### What the task requires:
All records that follow are to be copied exactly, with images omitted.

Stored items from a collection:
┌──

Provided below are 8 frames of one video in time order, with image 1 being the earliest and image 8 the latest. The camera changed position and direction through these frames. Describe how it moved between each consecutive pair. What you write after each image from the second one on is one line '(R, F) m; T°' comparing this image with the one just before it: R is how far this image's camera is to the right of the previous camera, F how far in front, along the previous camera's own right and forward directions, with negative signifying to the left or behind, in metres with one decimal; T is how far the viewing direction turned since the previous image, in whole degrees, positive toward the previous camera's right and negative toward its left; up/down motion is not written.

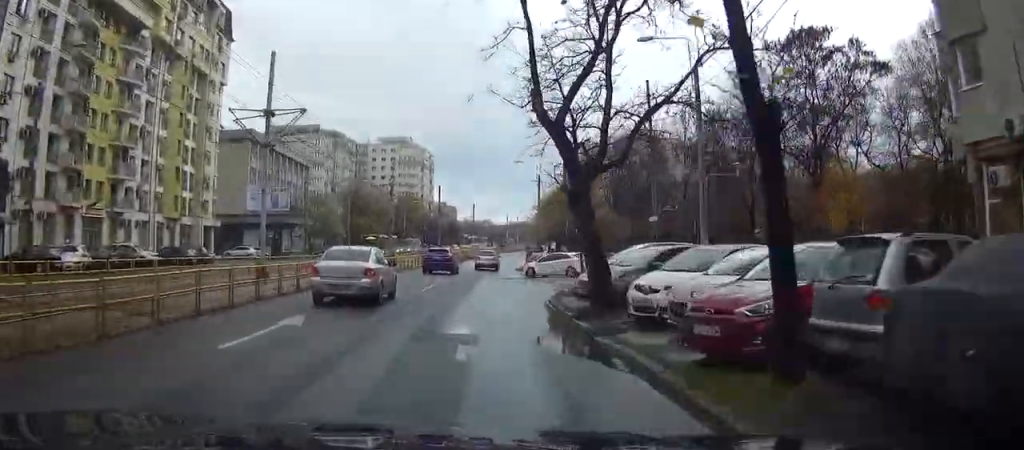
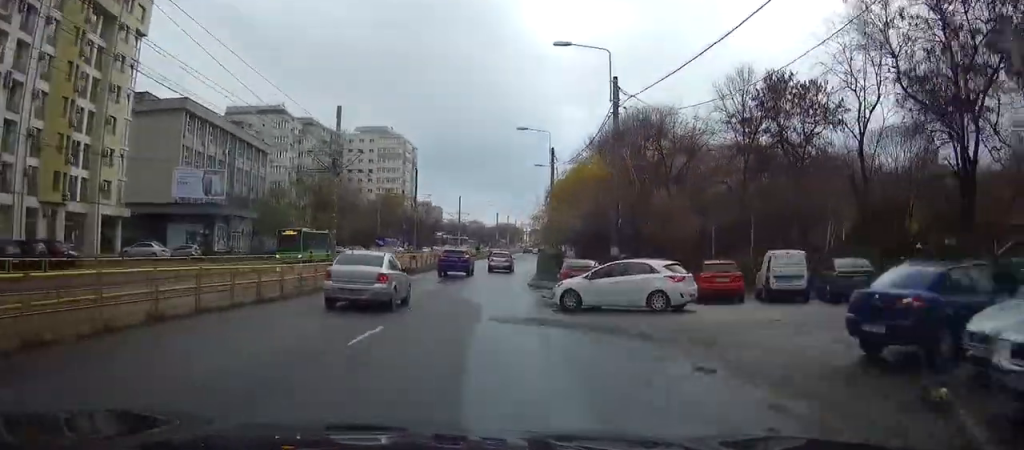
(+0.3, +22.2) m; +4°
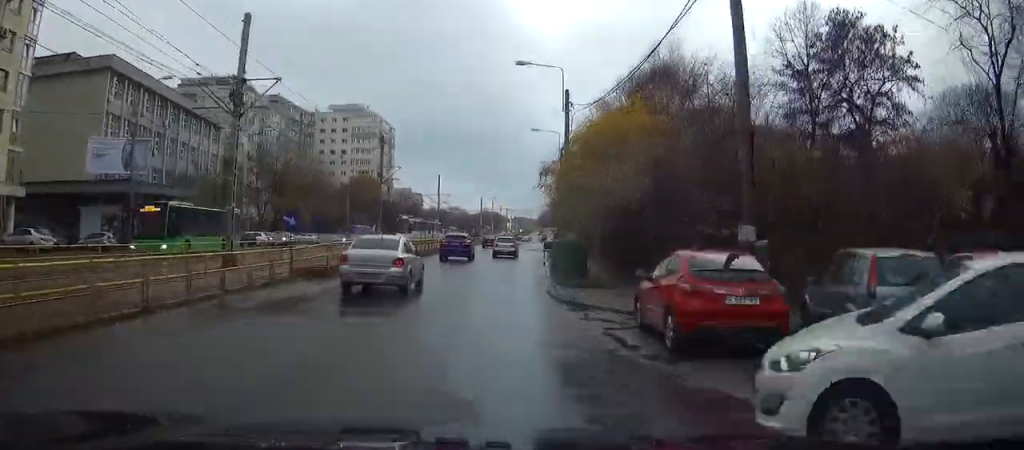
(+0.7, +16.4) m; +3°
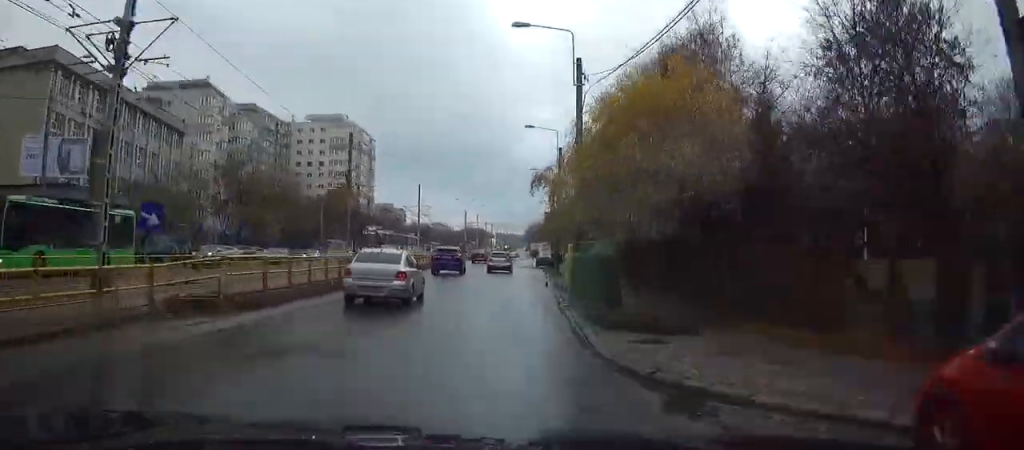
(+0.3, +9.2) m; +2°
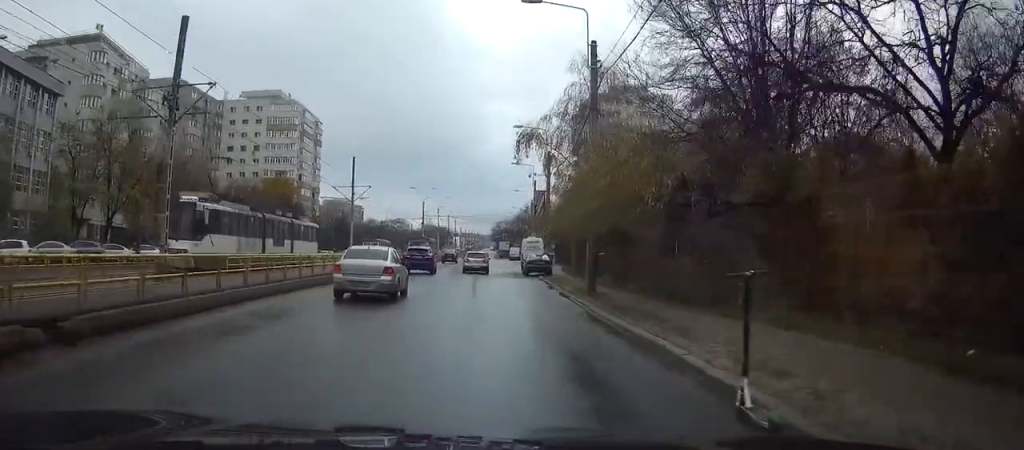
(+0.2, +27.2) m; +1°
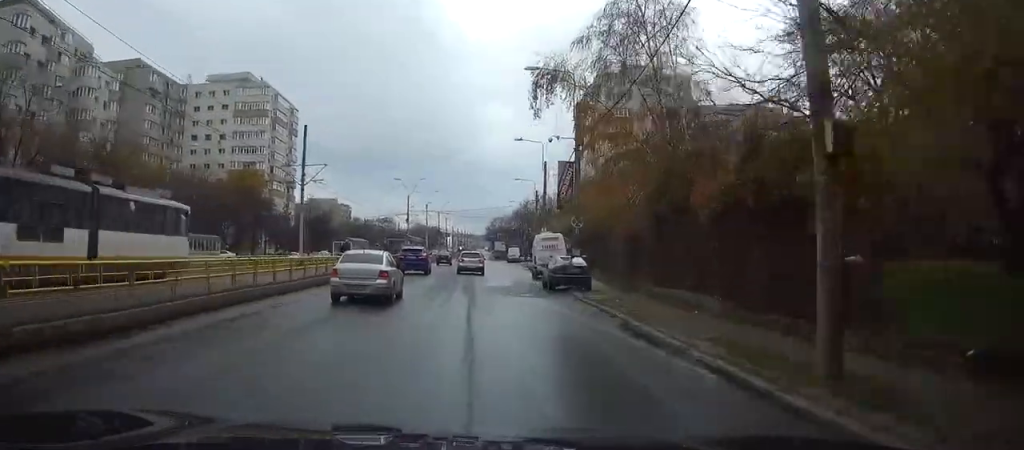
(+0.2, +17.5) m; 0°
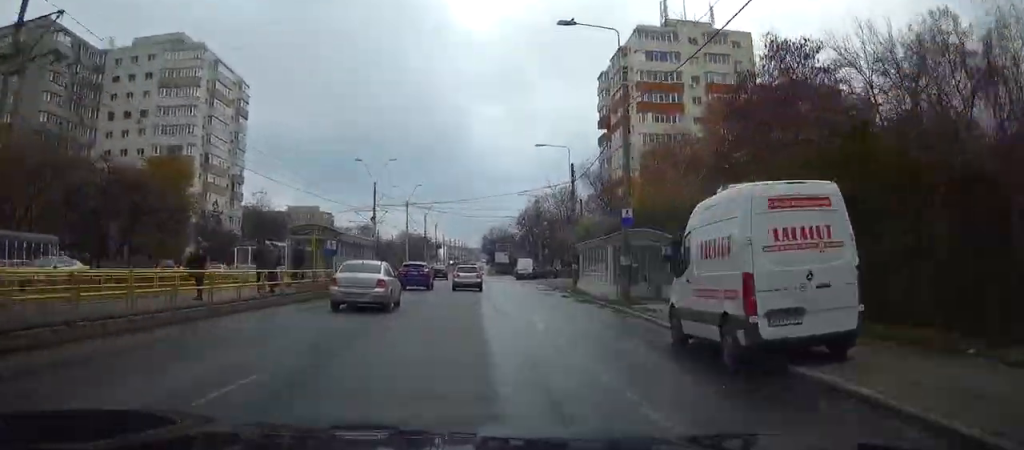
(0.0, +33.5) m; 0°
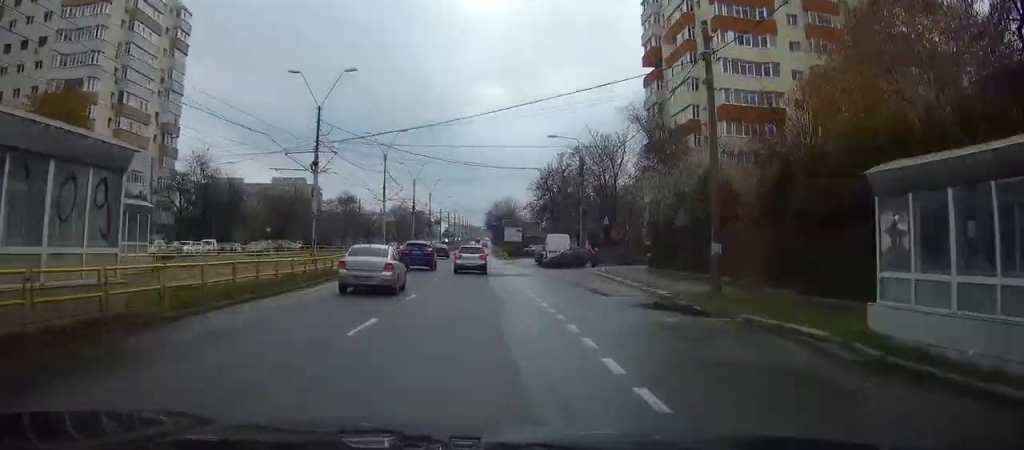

└──

### Your solution:
Provided below are 8 frames of one video in time order, with image 1 being the earliest and image 8 the latest. The camera changed position and direction through these frames. Describe how it moved between each consecutive pair. What you write after each image from the second one on is one line '(R, F) m; T°' comparing this image with the one just before it: R is how far this image's camera is to the right of the previous camera, F how far in front, along the previous camera's own right and forward directions, with negative signifying to the left or behind, in metres with one decimal; T is how far the viewing direction turned since the previous image, in whole degrees, positive toward the previous camera's right and negative toward its left; up/down motion is not written.

(+0.3, +22.2) m; +4°
(+0.7, +16.4) m; +3°
(+0.3, +9.2) m; +2°
(+0.2, +27.2) m; +1°
(+0.2, +17.5) m; 0°
(0.0, +33.5) m; 0°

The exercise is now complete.